### What to work on
In the entries below, count every line containing "italic". Return the number and nothing else.

### Entries provided

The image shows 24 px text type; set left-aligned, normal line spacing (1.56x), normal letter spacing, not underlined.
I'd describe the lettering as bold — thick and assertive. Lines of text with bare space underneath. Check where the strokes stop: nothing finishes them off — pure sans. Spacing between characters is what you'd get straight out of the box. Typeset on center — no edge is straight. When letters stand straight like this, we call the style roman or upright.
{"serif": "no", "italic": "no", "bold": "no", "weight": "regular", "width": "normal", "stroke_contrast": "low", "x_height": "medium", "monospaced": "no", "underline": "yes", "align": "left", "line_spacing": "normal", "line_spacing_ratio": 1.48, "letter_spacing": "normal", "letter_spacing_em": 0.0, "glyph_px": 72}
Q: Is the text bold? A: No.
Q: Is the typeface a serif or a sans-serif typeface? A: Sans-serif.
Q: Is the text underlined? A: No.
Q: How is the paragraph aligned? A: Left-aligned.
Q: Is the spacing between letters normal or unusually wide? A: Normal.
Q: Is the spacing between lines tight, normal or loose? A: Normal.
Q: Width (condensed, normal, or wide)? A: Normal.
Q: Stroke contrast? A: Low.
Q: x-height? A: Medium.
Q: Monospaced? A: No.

==

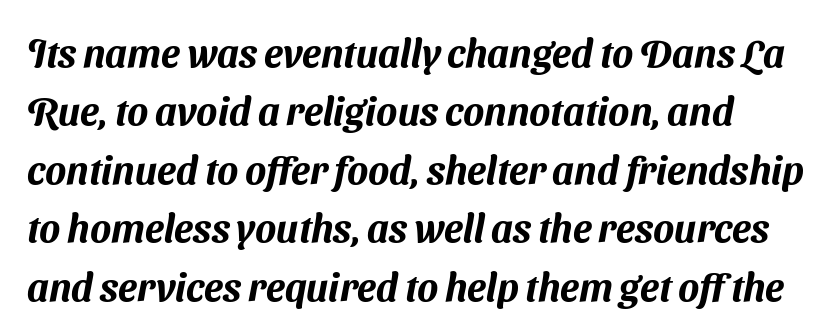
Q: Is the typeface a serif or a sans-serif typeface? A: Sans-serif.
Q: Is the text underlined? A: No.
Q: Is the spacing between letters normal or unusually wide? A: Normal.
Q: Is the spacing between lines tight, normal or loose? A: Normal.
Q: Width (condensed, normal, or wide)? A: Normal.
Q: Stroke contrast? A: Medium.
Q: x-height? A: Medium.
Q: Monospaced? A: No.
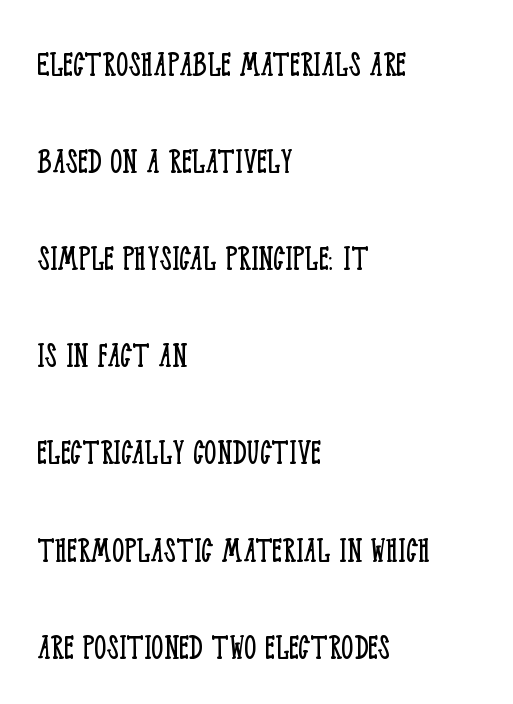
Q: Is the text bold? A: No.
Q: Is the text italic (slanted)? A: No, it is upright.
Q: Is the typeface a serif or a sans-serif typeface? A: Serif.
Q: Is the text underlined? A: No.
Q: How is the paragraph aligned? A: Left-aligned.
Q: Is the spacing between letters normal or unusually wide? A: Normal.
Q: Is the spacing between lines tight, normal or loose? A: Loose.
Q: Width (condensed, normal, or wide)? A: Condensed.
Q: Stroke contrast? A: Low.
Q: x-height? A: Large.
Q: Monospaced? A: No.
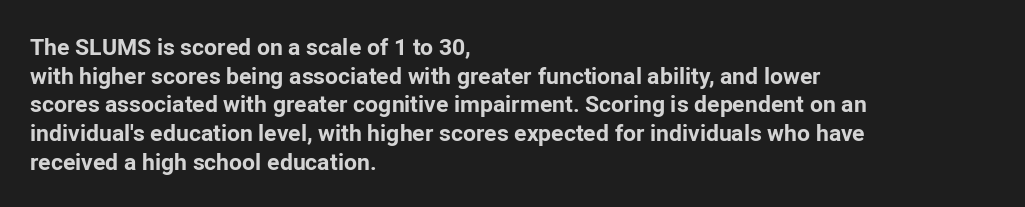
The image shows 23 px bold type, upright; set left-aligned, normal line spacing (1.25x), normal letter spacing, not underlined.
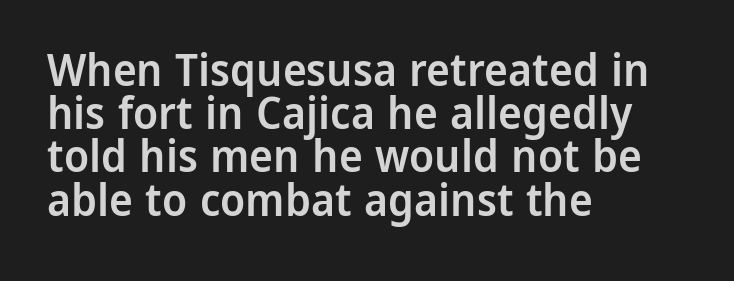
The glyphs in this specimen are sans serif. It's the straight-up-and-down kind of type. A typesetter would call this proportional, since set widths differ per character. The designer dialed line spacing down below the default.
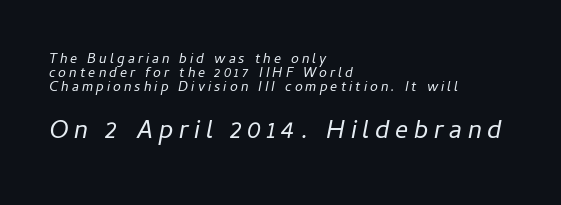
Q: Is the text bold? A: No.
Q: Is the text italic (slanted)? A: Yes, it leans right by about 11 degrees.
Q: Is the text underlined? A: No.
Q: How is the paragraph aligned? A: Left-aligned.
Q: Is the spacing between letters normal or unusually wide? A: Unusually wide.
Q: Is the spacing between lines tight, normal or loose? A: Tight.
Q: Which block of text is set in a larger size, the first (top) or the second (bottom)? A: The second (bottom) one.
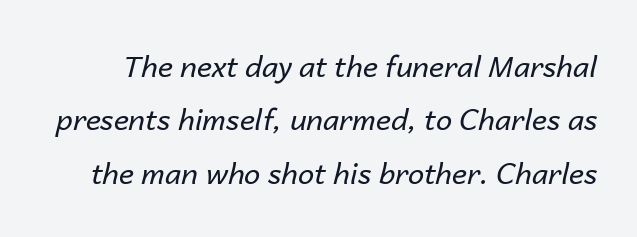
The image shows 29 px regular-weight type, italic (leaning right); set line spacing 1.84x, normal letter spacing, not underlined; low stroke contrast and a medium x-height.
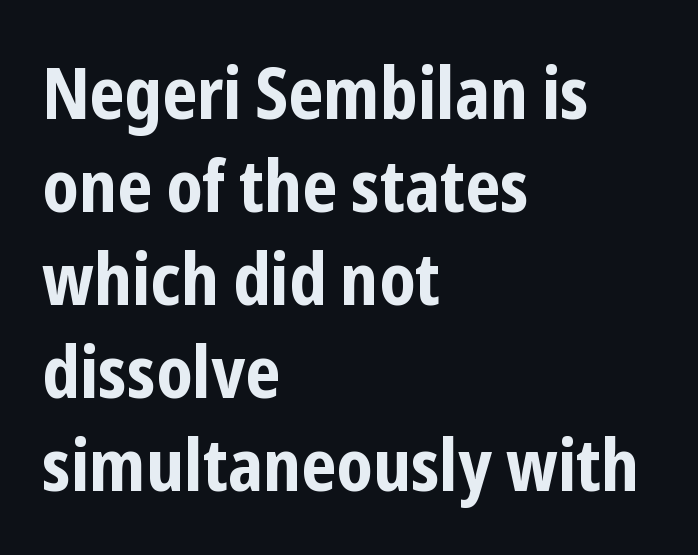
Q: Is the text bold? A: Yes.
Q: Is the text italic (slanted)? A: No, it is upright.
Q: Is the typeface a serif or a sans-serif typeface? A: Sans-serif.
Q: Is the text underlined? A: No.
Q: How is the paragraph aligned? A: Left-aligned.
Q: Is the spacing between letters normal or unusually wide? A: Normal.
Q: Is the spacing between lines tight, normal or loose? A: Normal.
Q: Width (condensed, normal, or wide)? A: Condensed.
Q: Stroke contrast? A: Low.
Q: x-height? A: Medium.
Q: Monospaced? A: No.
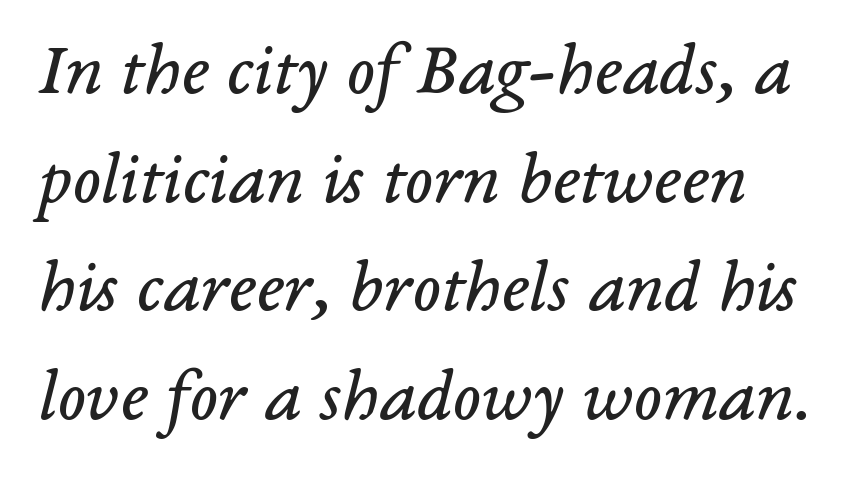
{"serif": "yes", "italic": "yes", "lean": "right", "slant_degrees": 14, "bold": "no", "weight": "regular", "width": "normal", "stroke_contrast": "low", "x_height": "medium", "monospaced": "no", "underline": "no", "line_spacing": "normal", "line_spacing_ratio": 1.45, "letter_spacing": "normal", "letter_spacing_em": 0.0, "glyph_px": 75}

### Exercise answer
6